- [EXERCISE DIRECTIONS]: The reply should hold only the lines below beginning at the one with "Orientation: coronal" and ending at the one with "Weather: Clear", copied exactly, with every picture left out.

- [DATA SUPPLIED]:
<<<<
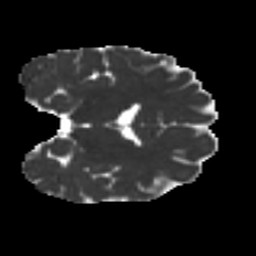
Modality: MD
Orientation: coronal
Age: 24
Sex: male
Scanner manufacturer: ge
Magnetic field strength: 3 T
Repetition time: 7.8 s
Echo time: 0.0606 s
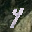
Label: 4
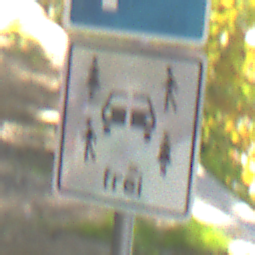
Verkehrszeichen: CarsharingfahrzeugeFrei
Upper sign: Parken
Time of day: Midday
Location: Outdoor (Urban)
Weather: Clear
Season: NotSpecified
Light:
>>>>
<<<<
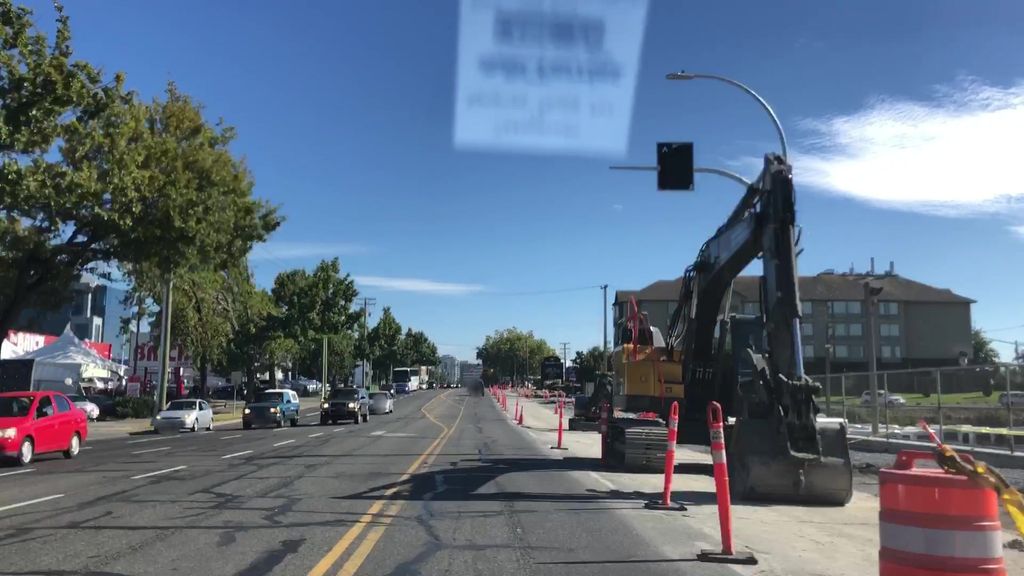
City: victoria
>>>>
- [TASK SOLUTION]:
Orientation: coronal
Age: 24
Sex: male
Scanner manufacturer: ge
Magnetic field strength: 3 T
Repetition time: 7.8 s
Echo time: 0.0606 s
Label: 4
Verkehrszeichen: CarsharingfahrzeugeFrei
Upper sign: Parken
Time of day: Midday
Location: Outdoor (Urban)
Weather: Clear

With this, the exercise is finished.